1497. They who maintained a belligerent right to take the cargo of an enemy on board a neutral vessel, on the ground that the belligerent had a right to take his enemy's property, asserted as a consequence a belligerent right to take the persons of his enemies found on board; for, according to them, it is the first principle of war that a belligerent had a right to take his enemy's person.

1498. This notion was unsustainable, for the same reasons

that the claim to take the enemy's cargo could not be sustained, and is denounced in effect by that declaration of Paris to which we have last referred. Had it been sustainable the Trent was liable to arrest, and the Confederate emissaries on board her were properly prisoners of war.

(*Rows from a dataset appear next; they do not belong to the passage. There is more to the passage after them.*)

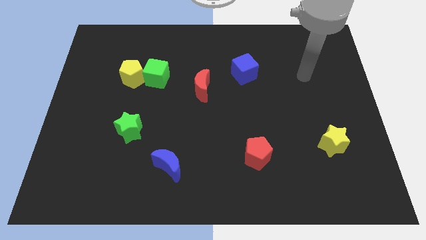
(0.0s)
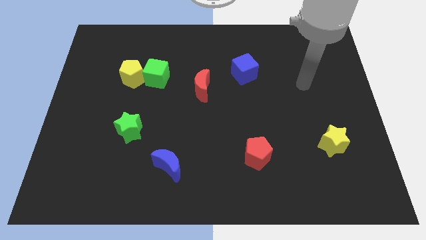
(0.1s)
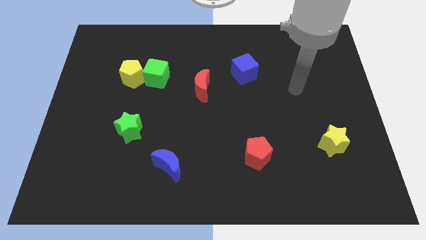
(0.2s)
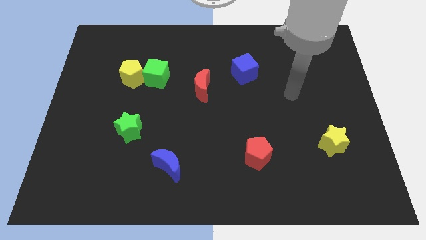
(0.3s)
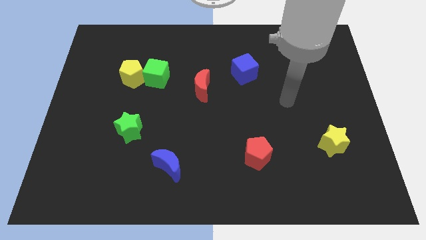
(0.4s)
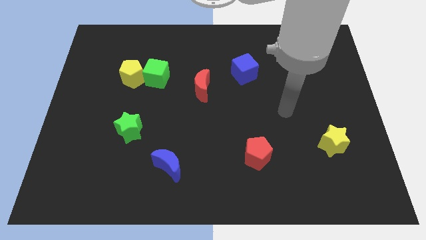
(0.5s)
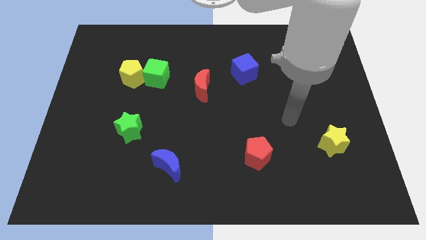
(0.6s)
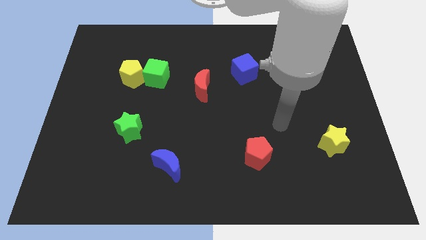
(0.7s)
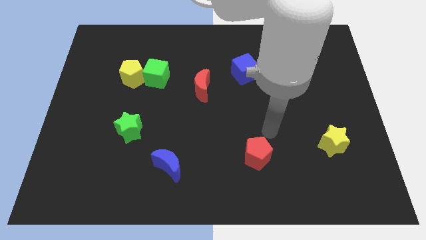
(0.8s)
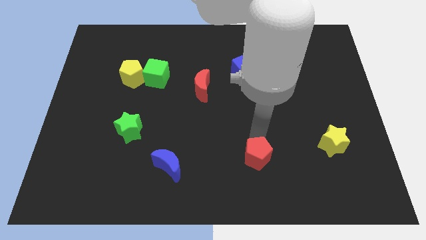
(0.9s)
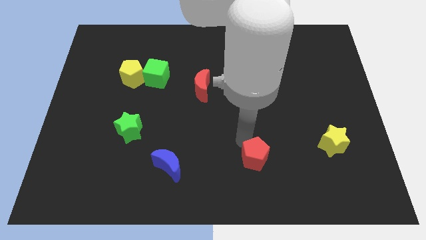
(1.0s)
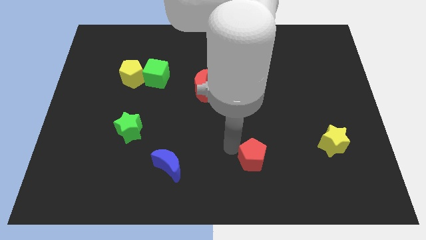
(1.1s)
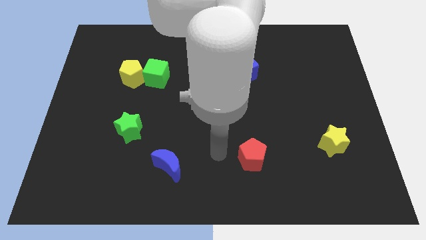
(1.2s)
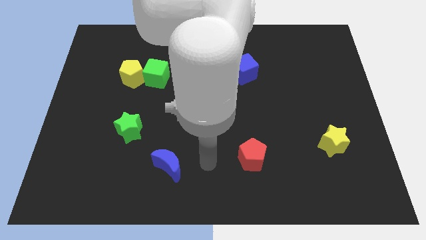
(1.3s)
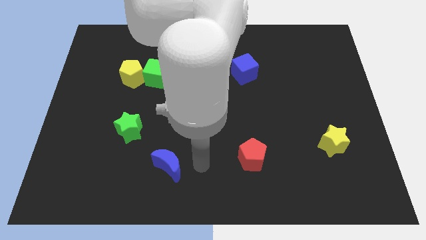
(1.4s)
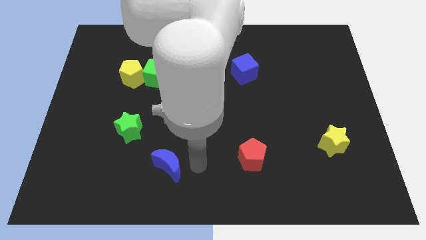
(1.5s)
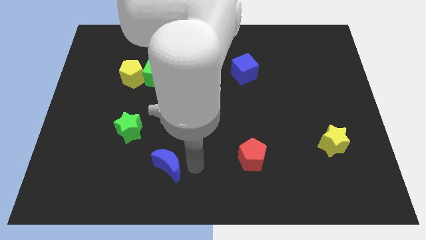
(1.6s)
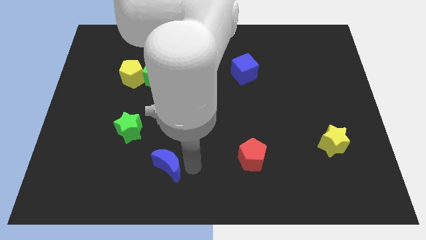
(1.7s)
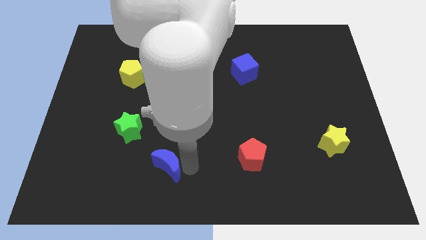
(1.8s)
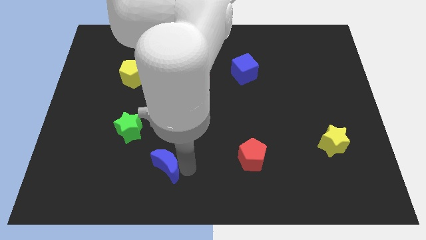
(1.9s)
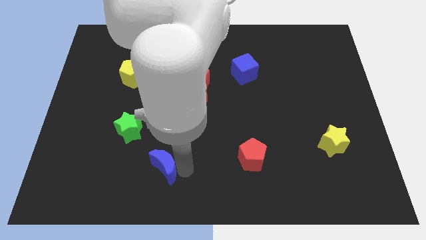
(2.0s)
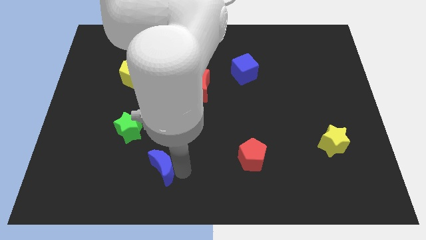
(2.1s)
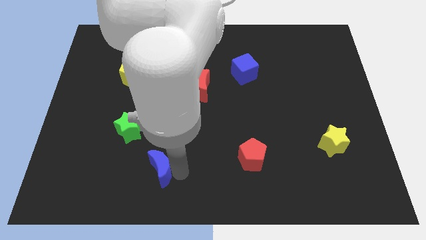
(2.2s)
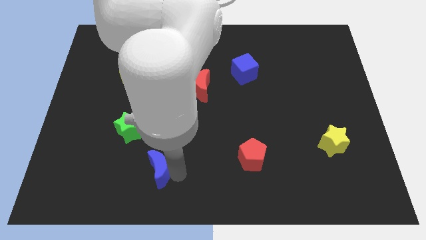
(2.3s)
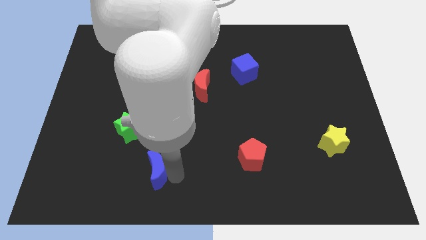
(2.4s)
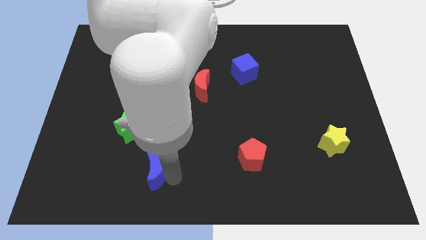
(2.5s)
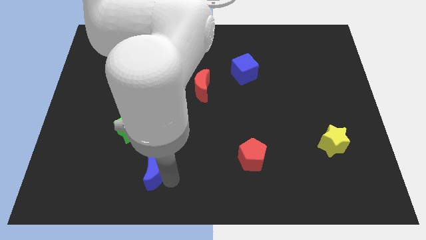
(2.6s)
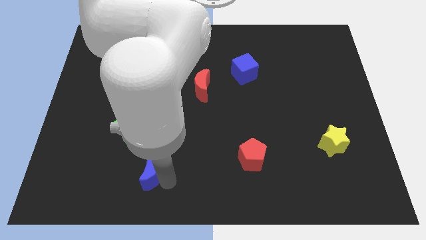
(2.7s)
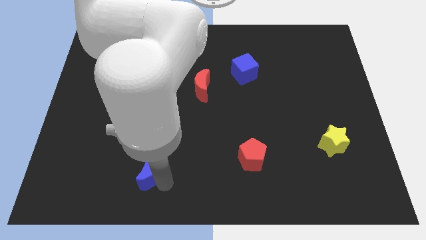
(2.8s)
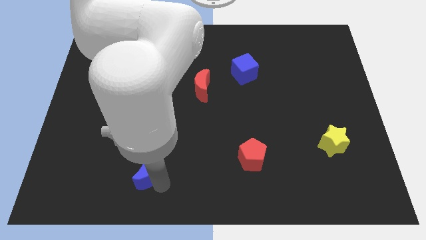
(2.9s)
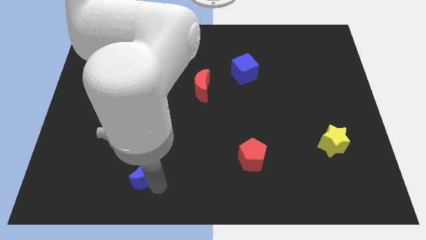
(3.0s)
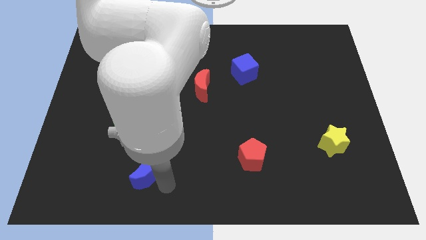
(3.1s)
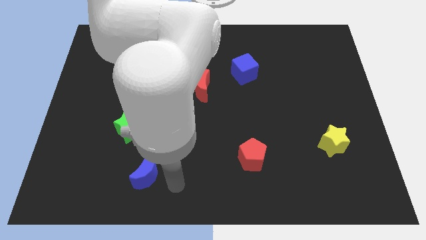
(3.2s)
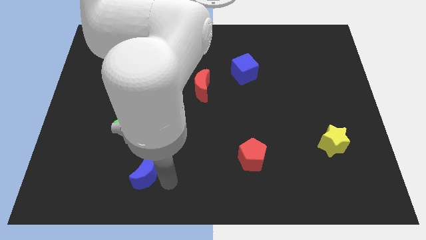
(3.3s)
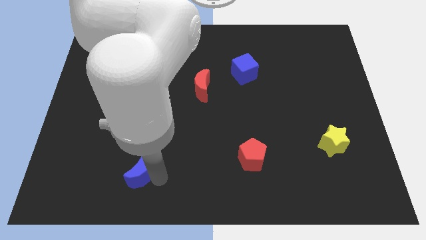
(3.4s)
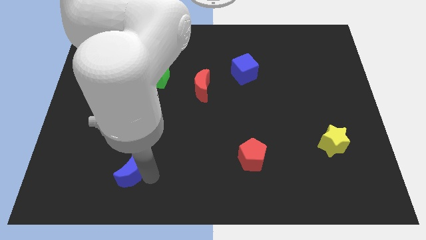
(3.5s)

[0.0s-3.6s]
slightly move the blue moon left

The unfortunate precedents of England induced her to rely on a technicality, instead of protesting against an outrageous insult to her sovereignty, and a glaring violation of neutral rights.

1499. All neutral commerce is innocent, except in contraband of war.

SECTION 7. BLOCKADE.

1500. The neutral is entitled to carry on with each belligerent without interruption all commerce, except in contraband of war; and is entitled to enter every port of each belligerent, who will admit him, without the interference of the adversary.

1501. This right, like the dealing in contraband, is subject only to one restriction, its conflict with the belligerent's right of self-defence. The right of self-defence does not rest in mere resistance, it extends to the disabling of the antagonist, even by destruction, and, among nations, to the subduing of all the forces and fortresses of the foe. While the belligerent's army is employed in besieging a city, he is entitled to prohibit all access by land; while his fleet is employed in reducing a port, he is entitled to prohibit all access by the water; while besieging the port by land, and blockading it by sea, he is entitled to prohibit access in either direction: but these are the limits of his belligerent rights. He has no right to prohibit the entrance of neutral commerce into any port which he is not endeavouring to master by a sea-siege. A lawful blockade is not for the purpose of shutting out commerce, but of capturing the town; when directed to its legitimate object, it may incidentally exclude every ship, from the pleasure-boat and fishing

craft to the neutral man-of-war. The exclusion of shipping and their cargoes is the incident, and not the lawful purpose of blockade. As well might he cover the sea with his cruisers, or stop all the narrow inlets of trade. He cannot challenge the innocent cargo on the ocean, he cannot seize it in the strait; can he entitle himself to seize it by gathering his cruisers in the offing, and proclaiming a blockade? They are still only cruisers; they are not engaged in the military operation of a siege; they are entitled only to intercept, in that as in any other station, contraband of war. Before a blockade is effective to exclude commerce, we must inquire whether it is directed against, and effective to endanger, the port. See Westlake. And see Macqueen.

1502. The evil example set by the English Orders in Council, and the Berlin and Milan decrees of Napoleon (1805-1807), and the extravagant pretensions of belligerents asserted in the war of desperation during which they were issued (Spes and Irene), have left erroneous impressions as to the legitimate objects and purposes of blockade. The blockade of the Confederate ports, to which the European Powers, bound, as they imagine, by their own bad precedents, have so ignominiously submitted, was founded not on the siege of the forts or fortresses, but on the incapacity of the Washington Government to collect the customs there.

1503. It is at least established by the declaration of Paris that "blockades, in order to be binding, must be effective."

1504. Assuming that this does not require that the blockade be efficient to endanger the place, it must nevertheless be constantly efficient to exclude ingress and egress of ships. It cannot be constituted except by the continued presence of a naval force, sufficient to prevent communication without evident danger of capture. (Frederick Molke. Arthur.) It is a matter of fact (Betsy); unless it exist in sufficient vigour, it is not instituted by proclamation.